Source data
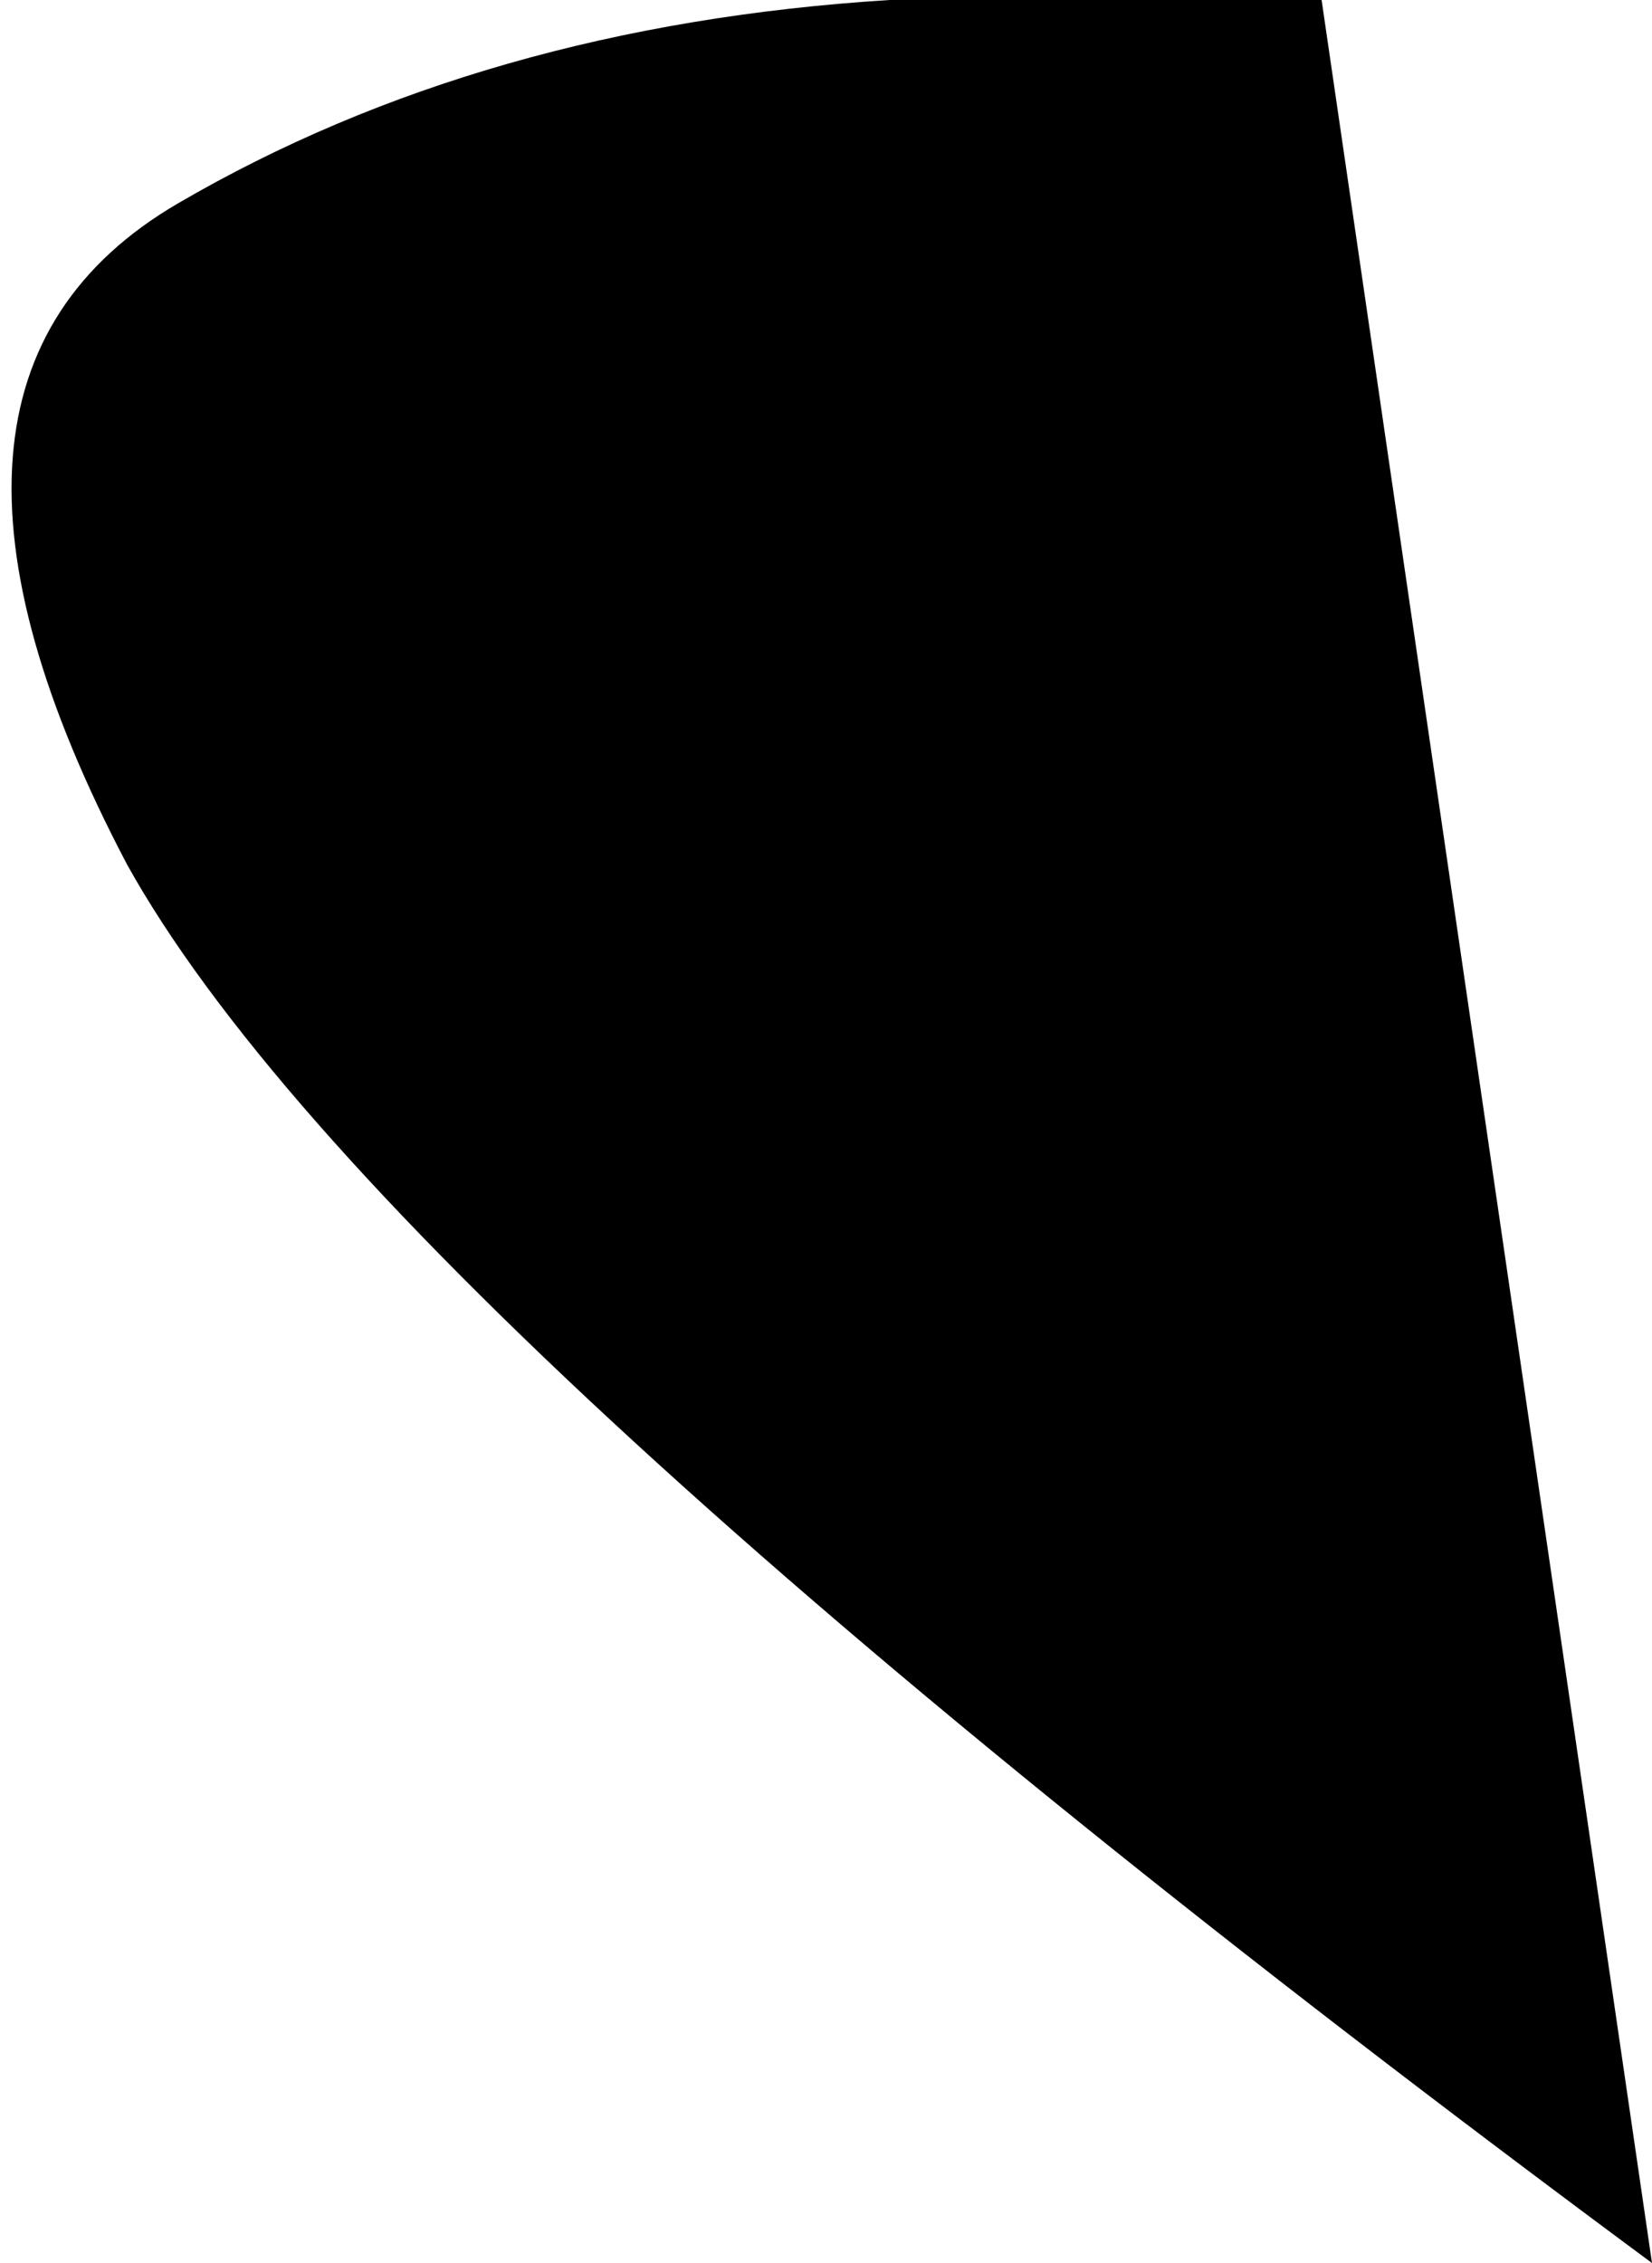 <?xml version="1.0" encoding="UTF-8" standalone="no"?>
<svg xmlns:xlink="http://www.w3.org/1999/xlink" height="4.45px" width="3.25px" xmlns="http://www.w3.org/2000/svg">
  <g transform="matrix(1.0, 0.0, 0.0, 1.0, 0.25, 0.0)">
    <path d="M2.35 0.0 L3.0 4.45 Q0.5 2.6 0.0 1.7 -0.5 0.75 0.1 0.4 0.7 0.05 1.5 0.0 L2.35 0.0" fill="#000000" fill-rule="evenodd" stroke="none"/>
  </g>
</svg>

◆ What the task requires
Where an entry contains an image, skip the image and write out the rest exactly.

◆ Final answer
 <?xml version="1.0" encoding="UTF-8" standalone="no"?>
<svg xmlns:xlink="http://www.w3.org/1999/xlink" height="4.45px" width="3.25px" xmlns="http://www.w3.org/2000/svg">
  <g transform="matrix(1.0, 0.0, 0.0, 1.0, 0.25, 0.0)">
    <path d="M2.35 0.0 L3.0 4.45 Q0.5 2.6 0.0 1.7 -0.5 0.75 0.1 0.4 0.7 0.05 1.5 0.0 L2.35 0.0" fill="#000000" fill-rule="evenodd" stroke="none"/>
  </g>
</svg>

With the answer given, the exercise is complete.